YOUR TASK: From the listing below, retype exactly the line holding "também aumentou.", the line holding "Una profecía sumamente", and the lines between them; skip everything else.

EXERCISE INPUTS:

----

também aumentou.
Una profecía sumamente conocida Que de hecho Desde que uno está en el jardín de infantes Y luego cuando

----

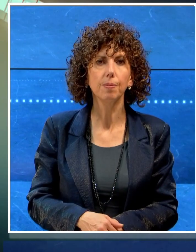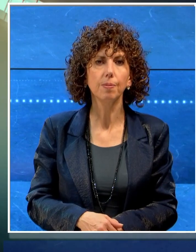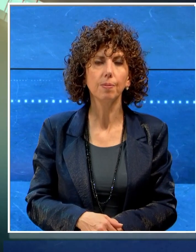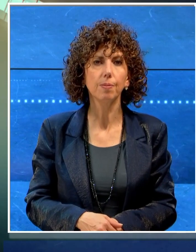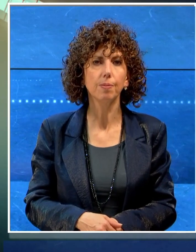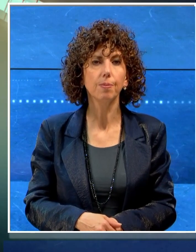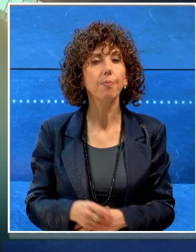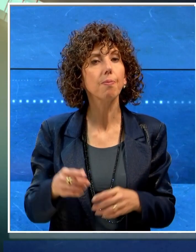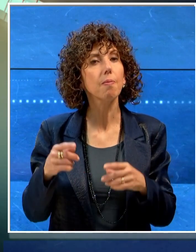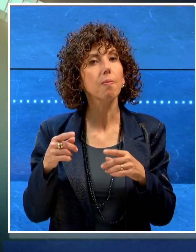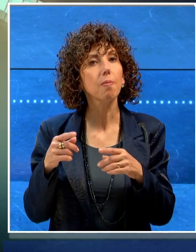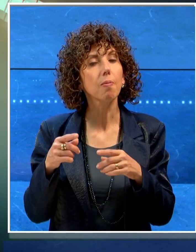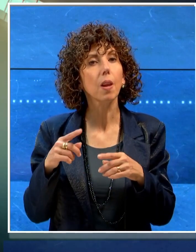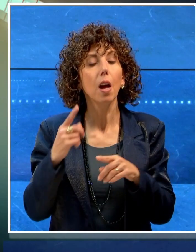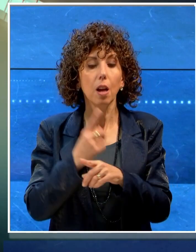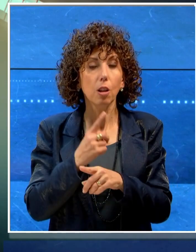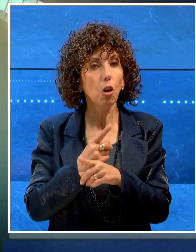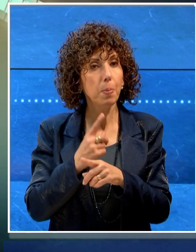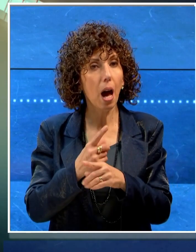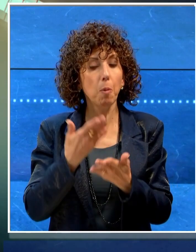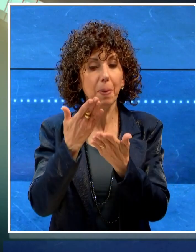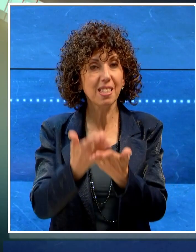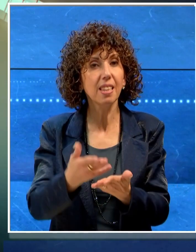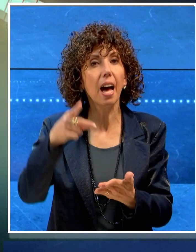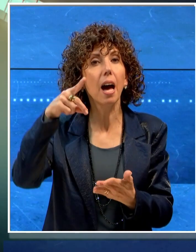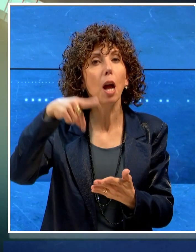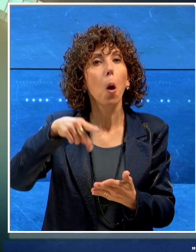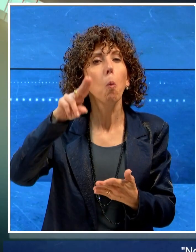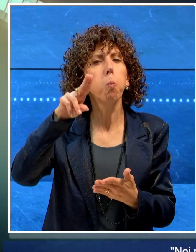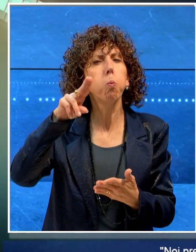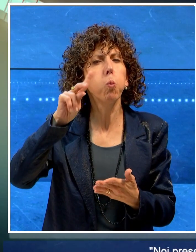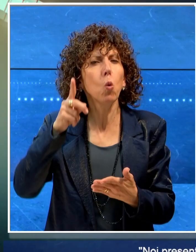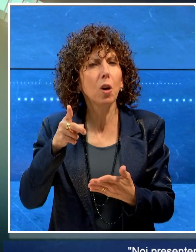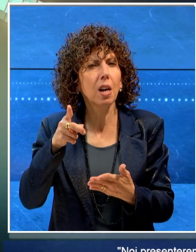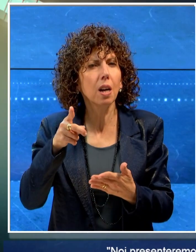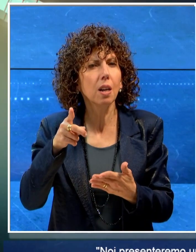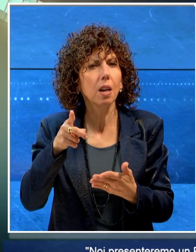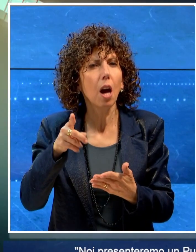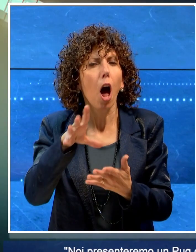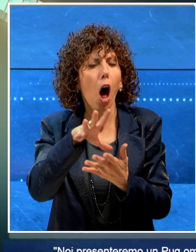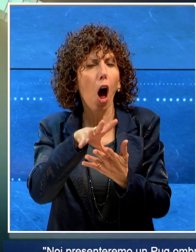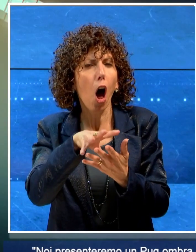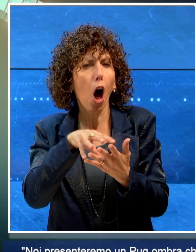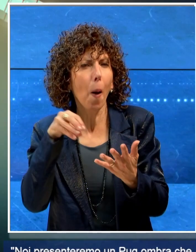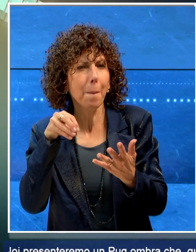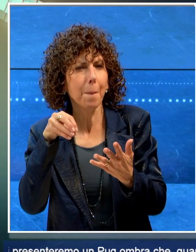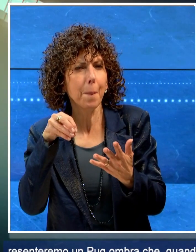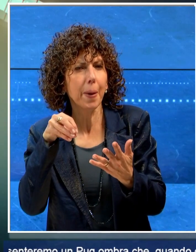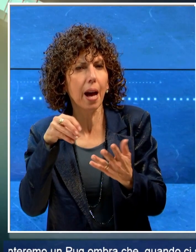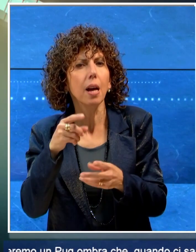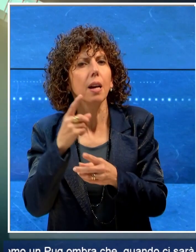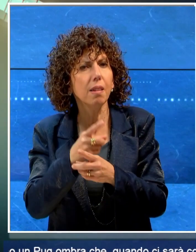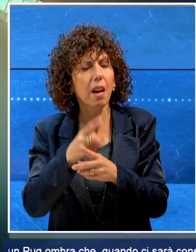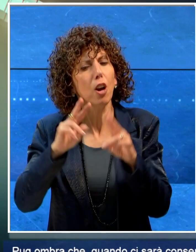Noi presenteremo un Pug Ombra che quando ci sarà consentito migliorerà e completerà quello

----

SOLUTION:
também aumentou.
Una profecía sumamente conocida Que de hecho Desde que uno está en el jardín de infantes Y luego cuando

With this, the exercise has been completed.